# Problem statement
Begin at the line containing "#1906=CARTESIAN_POINT('',(21.395,1.661,0.));" in the entries below and end at the line containing "#2403=CARTESIAN_POINT('',(0.,1.392,0.));"; transcribe that range exactly and nothing outside it.

**** Data supplied ****

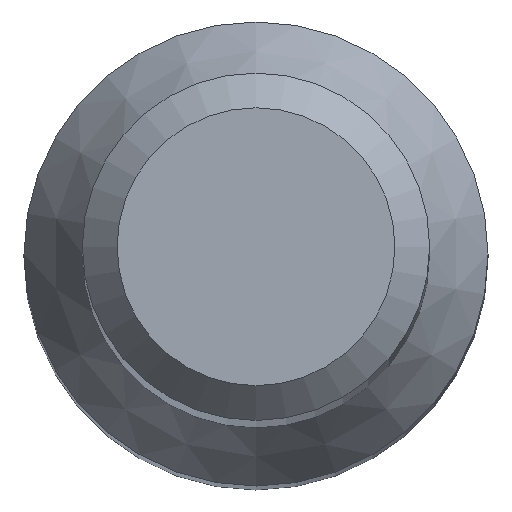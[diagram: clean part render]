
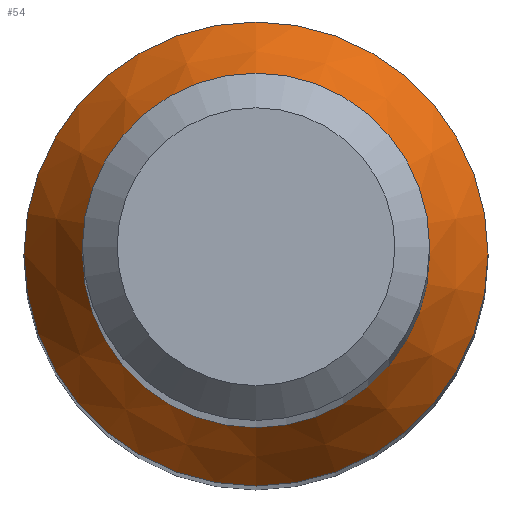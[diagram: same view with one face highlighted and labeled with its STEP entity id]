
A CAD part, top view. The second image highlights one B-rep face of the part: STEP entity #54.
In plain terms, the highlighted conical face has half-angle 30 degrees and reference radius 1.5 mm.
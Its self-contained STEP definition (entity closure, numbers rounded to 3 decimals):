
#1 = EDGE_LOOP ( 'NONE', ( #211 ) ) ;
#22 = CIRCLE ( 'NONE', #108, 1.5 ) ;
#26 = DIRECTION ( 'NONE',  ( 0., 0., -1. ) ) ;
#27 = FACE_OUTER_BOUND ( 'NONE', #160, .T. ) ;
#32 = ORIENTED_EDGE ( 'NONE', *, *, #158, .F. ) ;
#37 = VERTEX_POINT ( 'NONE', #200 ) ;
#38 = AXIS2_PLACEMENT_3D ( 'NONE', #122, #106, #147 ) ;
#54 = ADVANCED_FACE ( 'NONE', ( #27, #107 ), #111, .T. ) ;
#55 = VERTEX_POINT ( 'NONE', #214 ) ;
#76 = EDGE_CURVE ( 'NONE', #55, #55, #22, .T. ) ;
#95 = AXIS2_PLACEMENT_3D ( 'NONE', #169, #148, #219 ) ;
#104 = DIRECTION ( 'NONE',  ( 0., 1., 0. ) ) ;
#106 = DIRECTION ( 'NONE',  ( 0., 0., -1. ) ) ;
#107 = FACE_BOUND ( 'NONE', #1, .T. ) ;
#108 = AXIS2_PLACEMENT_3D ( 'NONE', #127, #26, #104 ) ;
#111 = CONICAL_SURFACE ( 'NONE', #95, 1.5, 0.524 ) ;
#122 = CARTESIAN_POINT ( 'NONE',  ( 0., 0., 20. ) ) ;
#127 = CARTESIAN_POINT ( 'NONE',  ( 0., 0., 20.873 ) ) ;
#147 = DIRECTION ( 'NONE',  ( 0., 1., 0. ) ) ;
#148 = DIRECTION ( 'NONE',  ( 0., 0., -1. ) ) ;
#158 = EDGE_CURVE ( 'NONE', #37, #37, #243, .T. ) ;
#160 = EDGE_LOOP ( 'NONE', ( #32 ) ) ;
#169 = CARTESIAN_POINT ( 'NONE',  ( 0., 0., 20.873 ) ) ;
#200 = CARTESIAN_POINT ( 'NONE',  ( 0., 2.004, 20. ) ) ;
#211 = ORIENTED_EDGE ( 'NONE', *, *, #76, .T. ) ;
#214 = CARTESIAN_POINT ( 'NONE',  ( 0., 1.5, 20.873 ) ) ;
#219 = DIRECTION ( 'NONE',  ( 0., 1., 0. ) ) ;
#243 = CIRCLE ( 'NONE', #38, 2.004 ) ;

****
**** Data supplied ****

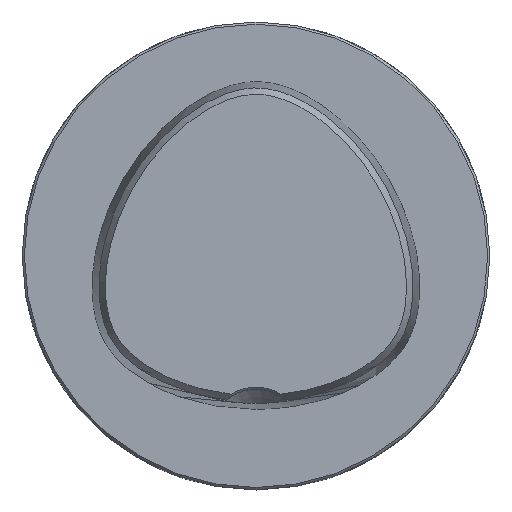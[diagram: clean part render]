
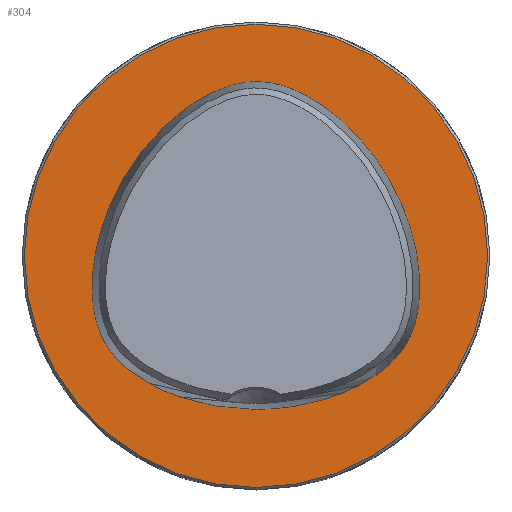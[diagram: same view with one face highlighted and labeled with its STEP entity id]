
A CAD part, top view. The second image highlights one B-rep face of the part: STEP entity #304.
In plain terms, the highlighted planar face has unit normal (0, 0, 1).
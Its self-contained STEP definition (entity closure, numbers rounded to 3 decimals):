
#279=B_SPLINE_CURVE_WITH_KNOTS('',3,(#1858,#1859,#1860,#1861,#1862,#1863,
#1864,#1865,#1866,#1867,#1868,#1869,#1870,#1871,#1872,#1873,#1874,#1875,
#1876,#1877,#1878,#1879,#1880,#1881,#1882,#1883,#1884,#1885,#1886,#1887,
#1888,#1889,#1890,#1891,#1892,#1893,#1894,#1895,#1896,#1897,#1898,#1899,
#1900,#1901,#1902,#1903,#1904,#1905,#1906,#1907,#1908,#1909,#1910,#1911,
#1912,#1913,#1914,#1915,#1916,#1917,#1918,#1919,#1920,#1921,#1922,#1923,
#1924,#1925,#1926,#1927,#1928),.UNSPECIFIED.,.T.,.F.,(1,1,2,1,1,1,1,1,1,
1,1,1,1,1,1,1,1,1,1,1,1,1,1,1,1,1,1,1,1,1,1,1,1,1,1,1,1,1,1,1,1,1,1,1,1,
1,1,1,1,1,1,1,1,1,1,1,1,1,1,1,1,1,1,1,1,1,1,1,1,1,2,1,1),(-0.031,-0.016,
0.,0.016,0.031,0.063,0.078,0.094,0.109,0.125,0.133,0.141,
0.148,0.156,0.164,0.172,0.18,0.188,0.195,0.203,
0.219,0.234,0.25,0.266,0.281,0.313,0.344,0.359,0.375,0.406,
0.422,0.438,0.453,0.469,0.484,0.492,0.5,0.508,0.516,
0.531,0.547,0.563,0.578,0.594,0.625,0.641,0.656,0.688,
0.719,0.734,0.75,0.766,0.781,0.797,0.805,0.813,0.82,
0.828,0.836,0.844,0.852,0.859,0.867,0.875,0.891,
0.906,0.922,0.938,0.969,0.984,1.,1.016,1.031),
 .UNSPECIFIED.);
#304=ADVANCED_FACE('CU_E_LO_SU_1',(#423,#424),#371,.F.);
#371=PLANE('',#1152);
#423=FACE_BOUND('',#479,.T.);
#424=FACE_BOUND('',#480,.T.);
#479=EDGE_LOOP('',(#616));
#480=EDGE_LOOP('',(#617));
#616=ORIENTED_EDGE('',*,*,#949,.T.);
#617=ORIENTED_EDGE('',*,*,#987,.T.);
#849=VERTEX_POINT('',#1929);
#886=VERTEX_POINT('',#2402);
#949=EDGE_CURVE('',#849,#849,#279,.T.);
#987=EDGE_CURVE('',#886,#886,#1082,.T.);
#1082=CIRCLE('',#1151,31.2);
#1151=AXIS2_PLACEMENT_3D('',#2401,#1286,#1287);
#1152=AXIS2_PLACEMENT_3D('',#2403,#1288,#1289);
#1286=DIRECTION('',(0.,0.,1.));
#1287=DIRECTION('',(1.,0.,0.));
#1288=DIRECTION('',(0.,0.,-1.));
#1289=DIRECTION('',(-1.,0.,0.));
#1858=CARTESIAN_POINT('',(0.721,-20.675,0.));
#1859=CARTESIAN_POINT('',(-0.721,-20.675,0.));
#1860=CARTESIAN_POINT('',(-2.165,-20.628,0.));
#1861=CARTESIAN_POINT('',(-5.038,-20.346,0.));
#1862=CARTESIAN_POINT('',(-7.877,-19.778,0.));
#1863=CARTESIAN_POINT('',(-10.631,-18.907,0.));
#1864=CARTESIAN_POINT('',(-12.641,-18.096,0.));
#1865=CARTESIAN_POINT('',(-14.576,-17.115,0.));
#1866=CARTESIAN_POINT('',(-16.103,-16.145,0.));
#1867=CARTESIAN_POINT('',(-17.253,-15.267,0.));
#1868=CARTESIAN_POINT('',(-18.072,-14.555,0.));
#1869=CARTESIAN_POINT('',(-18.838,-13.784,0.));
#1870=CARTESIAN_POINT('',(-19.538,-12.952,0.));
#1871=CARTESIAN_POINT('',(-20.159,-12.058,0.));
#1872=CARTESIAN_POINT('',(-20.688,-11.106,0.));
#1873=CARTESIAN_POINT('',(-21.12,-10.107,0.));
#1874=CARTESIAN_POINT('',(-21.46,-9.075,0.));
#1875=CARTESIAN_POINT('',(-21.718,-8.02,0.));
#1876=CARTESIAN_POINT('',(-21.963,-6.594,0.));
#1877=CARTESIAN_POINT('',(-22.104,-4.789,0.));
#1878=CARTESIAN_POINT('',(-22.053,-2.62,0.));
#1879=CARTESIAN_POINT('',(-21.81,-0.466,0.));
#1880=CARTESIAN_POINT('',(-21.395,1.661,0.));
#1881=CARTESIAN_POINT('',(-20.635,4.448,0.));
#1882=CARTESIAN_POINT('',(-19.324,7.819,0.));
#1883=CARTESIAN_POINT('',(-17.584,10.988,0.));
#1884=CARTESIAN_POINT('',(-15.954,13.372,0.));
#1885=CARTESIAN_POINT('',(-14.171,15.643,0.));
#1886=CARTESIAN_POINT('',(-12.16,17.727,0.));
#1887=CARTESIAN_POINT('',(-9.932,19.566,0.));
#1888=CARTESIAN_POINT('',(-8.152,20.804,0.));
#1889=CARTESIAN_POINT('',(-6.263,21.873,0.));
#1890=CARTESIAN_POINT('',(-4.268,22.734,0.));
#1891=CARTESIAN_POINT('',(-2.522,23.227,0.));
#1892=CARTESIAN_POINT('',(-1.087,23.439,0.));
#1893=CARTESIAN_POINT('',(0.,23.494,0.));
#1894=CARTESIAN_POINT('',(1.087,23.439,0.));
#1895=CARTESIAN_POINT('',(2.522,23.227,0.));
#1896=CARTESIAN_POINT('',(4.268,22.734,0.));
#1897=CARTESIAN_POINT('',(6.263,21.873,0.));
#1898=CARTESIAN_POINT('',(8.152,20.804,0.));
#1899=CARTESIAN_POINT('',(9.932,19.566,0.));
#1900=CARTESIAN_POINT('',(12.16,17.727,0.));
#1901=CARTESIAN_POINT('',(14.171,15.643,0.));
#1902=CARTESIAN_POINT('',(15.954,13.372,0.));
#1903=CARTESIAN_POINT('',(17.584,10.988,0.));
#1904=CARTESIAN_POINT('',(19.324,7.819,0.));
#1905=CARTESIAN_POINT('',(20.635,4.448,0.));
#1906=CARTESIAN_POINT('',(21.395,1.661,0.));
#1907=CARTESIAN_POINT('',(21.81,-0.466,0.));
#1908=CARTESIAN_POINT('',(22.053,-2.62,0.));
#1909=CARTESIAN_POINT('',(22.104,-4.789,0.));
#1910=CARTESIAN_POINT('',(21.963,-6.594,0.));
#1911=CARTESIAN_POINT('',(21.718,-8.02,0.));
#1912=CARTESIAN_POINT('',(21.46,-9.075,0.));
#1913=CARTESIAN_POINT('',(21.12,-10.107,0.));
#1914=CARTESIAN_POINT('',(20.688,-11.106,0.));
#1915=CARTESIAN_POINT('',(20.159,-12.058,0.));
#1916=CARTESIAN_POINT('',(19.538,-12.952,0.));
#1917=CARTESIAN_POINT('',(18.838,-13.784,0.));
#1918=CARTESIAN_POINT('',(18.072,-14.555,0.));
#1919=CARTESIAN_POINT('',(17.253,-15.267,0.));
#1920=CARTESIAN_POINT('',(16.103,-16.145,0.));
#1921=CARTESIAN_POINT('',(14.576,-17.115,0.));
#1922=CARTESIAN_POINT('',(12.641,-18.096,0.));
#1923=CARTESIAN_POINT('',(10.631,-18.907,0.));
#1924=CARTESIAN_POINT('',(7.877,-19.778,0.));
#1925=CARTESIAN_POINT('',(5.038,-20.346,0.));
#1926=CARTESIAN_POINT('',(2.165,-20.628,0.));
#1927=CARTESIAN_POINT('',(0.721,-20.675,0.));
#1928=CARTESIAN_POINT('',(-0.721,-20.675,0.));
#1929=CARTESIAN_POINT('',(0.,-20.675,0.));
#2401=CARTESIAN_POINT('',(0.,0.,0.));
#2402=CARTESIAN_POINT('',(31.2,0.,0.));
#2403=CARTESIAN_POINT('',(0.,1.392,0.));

****

# Finished exercise
#1906=CARTESIAN_POINT('',(21.395,1.661,0.));
#1907=CARTESIAN_POINT('',(21.81,-0.466,0.));
#1908=CARTESIAN_POINT('',(22.053,-2.62,0.));
#1909=CARTESIAN_POINT('',(22.104,-4.789,0.));
#1910=CARTESIAN_POINT('',(21.963,-6.594,0.));
#1911=CARTESIAN_POINT('',(21.718,-8.02,0.));
#1912=CARTESIAN_POINT('',(21.46,-9.075,0.));
#1913=CARTESIAN_POINT('',(21.12,-10.107,0.));
#1914=CARTESIAN_POINT('',(20.688,-11.106,0.));
#1915=CARTESIAN_POINT('',(20.159,-12.058,0.));
#1916=CARTESIAN_POINT('',(19.538,-12.952,0.));
#1917=CARTESIAN_POINT('',(18.838,-13.784,0.));
#1918=CARTESIAN_POINT('',(18.072,-14.555,0.));
#1919=CARTESIAN_POINT('',(17.253,-15.267,0.));
#1920=CARTESIAN_POINT('',(16.103,-16.145,0.));
#1921=CARTESIAN_POINT('',(14.576,-17.115,0.));
#1922=CARTESIAN_POINT('',(12.641,-18.096,0.));
#1923=CARTESIAN_POINT('',(10.631,-18.907,0.));
#1924=CARTESIAN_POINT('',(7.877,-19.778,0.));
#1925=CARTESIAN_POINT('',(5.038,-20.346,0.));
#1926=CARTESIAN_POINT('',(2.165,-20.628,0.));
#1927=CARTESIAN_POINT('',(0.721,-20.675,0.));
#1928=CARTESIAN_POINT('',(-0.721,-20.675,0.));
#1929=CARTESIAN_POINT('',(0.,-20.675,0.));
#2401=CARTESIAN_POINT('',(0.,0.,0.));
#2402=CARTESIAN_POINT('',(31.2,0.,0.));
#2403=CARTESIAN_POINT('',(0.,1.392,0.));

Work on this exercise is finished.